There should be a referendum to make the people of Scotland choose between
(A) Abolition of the Scottish Parliament, abolition of the Barnett formula, and a unitary state,
and
(B) Full independence, with its own currency.
It's the sort of thing Francis Urquhart would have proposed.
Also, if it is really true that only the over-65s were heavily voting "No", then it will only be a matter of time before there is another referendum anyway. People have been talking about it as if the question is settled "for a generation" or "for a lifetime", but it only took Quebec 15 years after a 60% No vote.
I think you're completely discounting the rise of identity based politics.
An English Parliament somewhere not in London would be ideal. The Commons/Lords can then deal with only UK-wide issues. I do agree with what Ming said, which is that welfare shouldn't be devolved to ensure equal coverage.
If confronted by the forced choice of unitary state or independence the Scots would go for full independence by 2 to 1
I don't think the English parliament shouldn't be hosted in Westminster, as we shouldn't have two classes of MPs.
It would make Tory majorities considerably easier, but the reverse (that it would make Labour majorities considerably harder) is not true when you consider well over a third of non-English MPs are parties other than Labour.
Now wouldn't that be fun.
I'm not convinced it's worth the opportunity cost. With a well-regarded leader, Salmond crashing and burning and the LibDems eating their own heads, it would have been a great time to relaunch Scottish conservatism. There must be a lot of basically conservative voters up there who would vote Conservative if they didn't think the Tories were always treating them like the enemy.
So that is not the hard part. The hard part is finding a way to make it work.

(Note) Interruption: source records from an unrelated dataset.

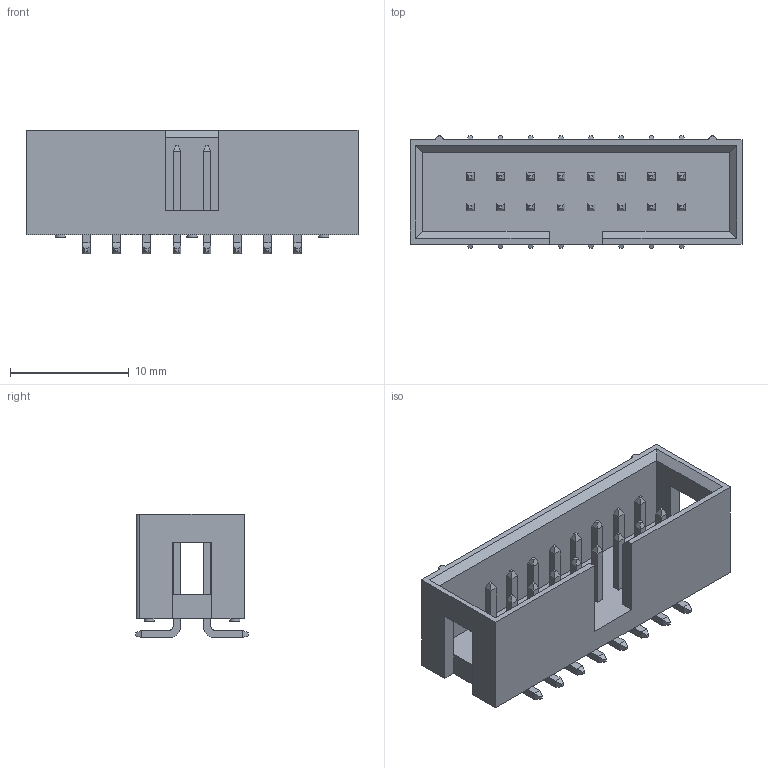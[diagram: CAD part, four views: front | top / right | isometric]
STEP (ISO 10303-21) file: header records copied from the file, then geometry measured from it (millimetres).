
FILE_DESCRIPTION( ( 'Unknown' ), '1' );
FILE_NAME( '61201620621.stp', 'Unknown', ( 'Unknown' ), ( 'Unknown' ), 'PSStep 14.0', 'Unknown', ' ' );
FILE_SCHEMA( ( 'AUTOMOTIVE_DESIGN { 1 0 10303 214 1 1 1 1 }' ) );
Length unit declared in the file: millimetre
Products named in the file (3): Assem1; 6120xx20621_PIN; 61201621621
Assembly tree (17 placements, depth 2):
  Assem1
    6120xx20621_PIN  x16
    61201621621
Bounding box: 27.94 x 9.5 x 10.42 mm (x, y, z)
Volume: 972.6 mm3; surface area: 2036.3 mm2
Topology: 17 solids, 17 shells, 459 faces, 1075 edges, 652 vertices
Faces by surface type: plane 419, cylinder 40
Full cylindrical faces by diameter (mm): 0.85 x6
Entity records: 7131 total; most frequent: CARTESIAN_POINT 956, ORIENTED_EDGE 926, DIRECTION 897, EDGE_CURVE 463, LINE 443, VECTOR 443, VERTEX_POINT 286, EDGE_LOOP 233
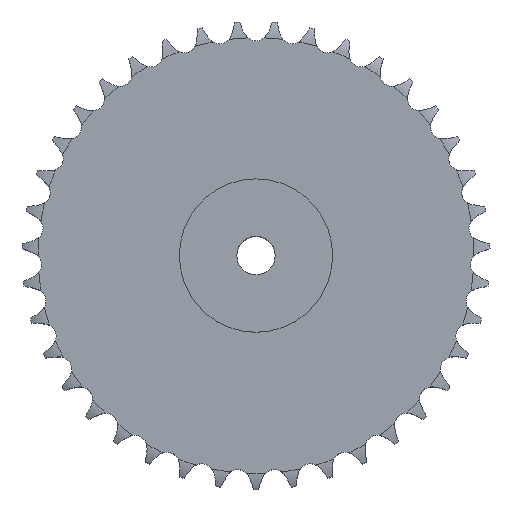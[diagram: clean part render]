
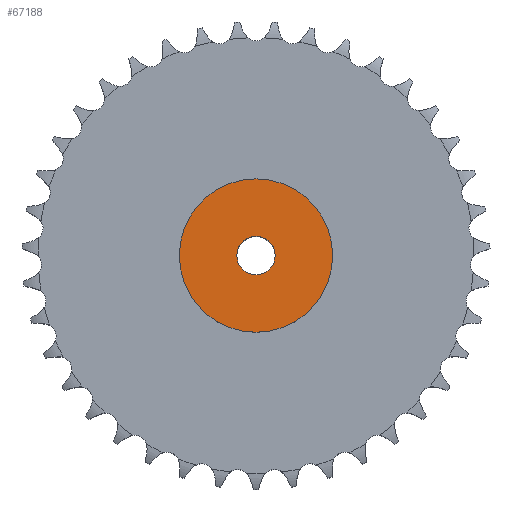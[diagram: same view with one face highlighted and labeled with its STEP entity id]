
A CAD part, top view. The second image highlights one B-rep face of the part: STEP entity #67188.
In plain terms, the highlighted planar face has unit normal (0, 0, 1).
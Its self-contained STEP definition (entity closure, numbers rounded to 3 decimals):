
#36070 = CYLINDRICAL_SURFACE('',#36071,20.);
#36071 = AXIS2_PLACEMENT_3D('',#36072,#36073,#36074);
#36072 = CARTESIAN_POINT('',(0.,0.,742.513));
#36073 = DIRECTION('',(0.,0.,1.));
#36074 = DIRECTION('',(1.,0.,0.));
#46095 = EDGE_CURVE('',#46096,#46096,#46098,.T.);
#46096 = VERTEX_POINT('',#46097);
#46097 = CARTESIAN_POINT('',(20.,0.,150.));
#46098 = SURFACE_CURVE('',#46099,(#46104,#46111),.PCURVE_S1.);
#46099 = CIRCLE('',#46100,20.);
#46100 = AXIS2_PLACEMENT_3D('',#46101,#46102,#46103);
#46101 = CARTESIAN_POINT('',(0.,0.,150.));
#46102 = DIRECTION('',(0.,0.,1.));
#46103 = DIRECTION('',(1.,0.,0.));
#46104 = PCURVE('',#36070,#46105);
#46105 = DEFINITIONAL_REPRESENTATION('',(#46106),#46110);
#46106 = LINE('',#46107,#46108);
#46107 = CARTESIAN_POINT('',(0.,-592.513));
#46108 = VECTOR('',#46109,1.);
#46109 = DIRECTION('',(1.,0.));
#46110 = ( GEOMETRIC_REPRESENTATION_CONTEXT(2) 
PARAMETRIC_REPRESENTATION_CONTEXT() REPRESENTATION_CONTEXT('2D SPACE',''
  ) );
#46111 = PCURVE('',#46112,#46117);
#46112 = PLANE('',#46113);
#46113 = AXIS2_PLACEMENT_3D('',#46114,#46115,#46116);
#46114 = CARTESIAN_POINT('',(0.,0.,150.
    ));
#46115 = DIRECTION('',(0.,0.,1.));
#46116 = DIRECTION('',(1.,0.,0.));
#46117 = DEFINITIONAL_REPRESENTATION('',(#46118),#46122);
#46118 = CIRCLE('',#46119,20.);
#46119 = AXIS2_PLACEMENT_2D('',#46120,#46121);
#46120 = CARTESIAN_POINT('',(0.,0.));
#46121 = DIRECTION('',(1.,0.));
#46122 = ( GEOMETRIC_REPRESENTATION_CONTEXT(2) 
PARAMETRIC_REPRESENTATION_CONTEXT() REPRESENTATION_CONTEXT('2D SPACE',''
  ) );
#67188 = ADVANCED_FACE('',(#67189,#67220),#46112,.T.);
#67189 = FACE_BOUND('',#67190,.T.);
#67190 = EDGE_LOOP('',(#67191));
#67191 = ORIENTED_EDGE('',*,*,#67192,.T.);
#67192 = EDGE_CURVE('',#67193,#67193,#67195,.T.);
#67193 = VERTEX_POINT('',#67194);
#67194 = CARTESIAN_POINT('',(80.,0.,150.));
#67195 = SURFACE_CURVE('',#67196,(#67201,#67208),.PCURVE_S1.);
#67196 = CIRCLE('',#67197,80.);
#67197 = AXIS2_PLACEMENT_3D('',#67198,#67199,#67200);
#67198 = CARTESIAN_POINT('',(0.,0.,150.));
#67199 = DIRECTION('',(0.,0.,1.));
#67200 = DIRECTION('',(1.,0.,0.));
#67201 = PCURVE('',#46112,#67202);
#67202 = DEFINITIONAL_REPRESENTATION('',(#67203),#67207);
#67203 = CIRCLE('',#67204,80.);
#67204 = AXIS2_PLACEMENT_2D('',#67205,#67206);
#67205 = CARTESIAN_POINT('',(0.,0.));
#67206 = DIRECTION('',(1.,0.));
#67207 = ( GEOMETRIC_REPRESENTATION_CONTEXT(2) 
PARAMETRIC_REPRESENTATION_CONTEXT() REPRESENTATION_CONTEXT('2D SPACE',''
  ) );
#67208 = PCURVE('',#67209,#67214);
#67209 = CYLINDRICAL_SURFACE('',#67210,80.);
#67210 = AXIS2_PLACEMENT_3D('',#67211,#67212,#67213);
#67211 = CARTESIAN_POINT('',(0.,0.,0.));
#67212 = DIRECTION('',(-0.,-0.,-1.));
#67213 = DIRECTION('',(1.,0.,0.));
#67214 = DEFINITIONAL_REPRESENTATION('',(#67215),#67219);
#67215 = LINE('',#67216,#67217);
#67216 = CARTESIAN_POINT('',(-0.,-150.));
#67217 = VECTOR('',#67218,1.);
#67218 = DIRECTION('',(-1.,0.));
#67219 = ( GEOMETRIC_REPRESENTATION_CONTEXT(2) 
PARAMETRIC_REPRESENTATION_CONTEXT() REPRESENTATION_CONTEXT('2D SPACE',''
  ) );
#67220 = FACE_BOUND('',#67221,.T.);
#67221 = EDGE_LOOP('',(#67222));
#67222 = ORIENTED_EDGE('',*,*,#46095,.F.);

Run England with UKIP through the scenario we've seen play out in Scotland with the SNP since they first had devolution.
Cameron gets his legislation through in spite of Labour or maybe wins GE2015. so now all Home Nations have the same powers and electoral system. UKIP do well in England's first election - because it's a protest vote like the EU and *doesn't matter*. How they do after that would be the big question, could they reproduce the success of the SNP and go on to win the following election, especially on the backs of more MPs at Westminster as a result of any successes leading the English Govt?
I think that the English are never going to get EV4EL unless it's prised from the cold dead hands of the Establishment.
Why do you think it is right that this should continue?
I do think that there will be a problem with the weight of England in the system, though - but I do acknowledge the @MorrisDancer Question (TM)
You can make a case for carving out London as its interests are very different to the rest of England. That would reduce England to c. 60% of the overall union.
To my mind the obvious next split would be a simple North/South divide. Perhaps we could use the old Britannia Superior/Inferior split with state capitals in York and Oxford.
We might need to work on the names, though ;-)
http://www.politicshome.com/uk/article/104973/the_daily_telegraph_saturday_20th_september_2014.html
Good article, I just wonder what the contingency plan would have looked like if Scotland had broken away.
Personally I'd go with the three Saxon kingdoms, Wessex, Merica & Northumberland. Capitals in Winchester, Oxford and York
Having watched another webcast of The Mayor in Bristol, search around for ways to avoid taking questions from the public & councillors at a scrutiny meeting, devolving powers is fraught with questions over scrutiny and accountability.
The rent seekers are out in force, pushing their pet projects, and the political parties are angling for advantage over each other hidden of course in high minded language.
Presumably you are keeping East Anglia as part of Mercia? That could be controversial!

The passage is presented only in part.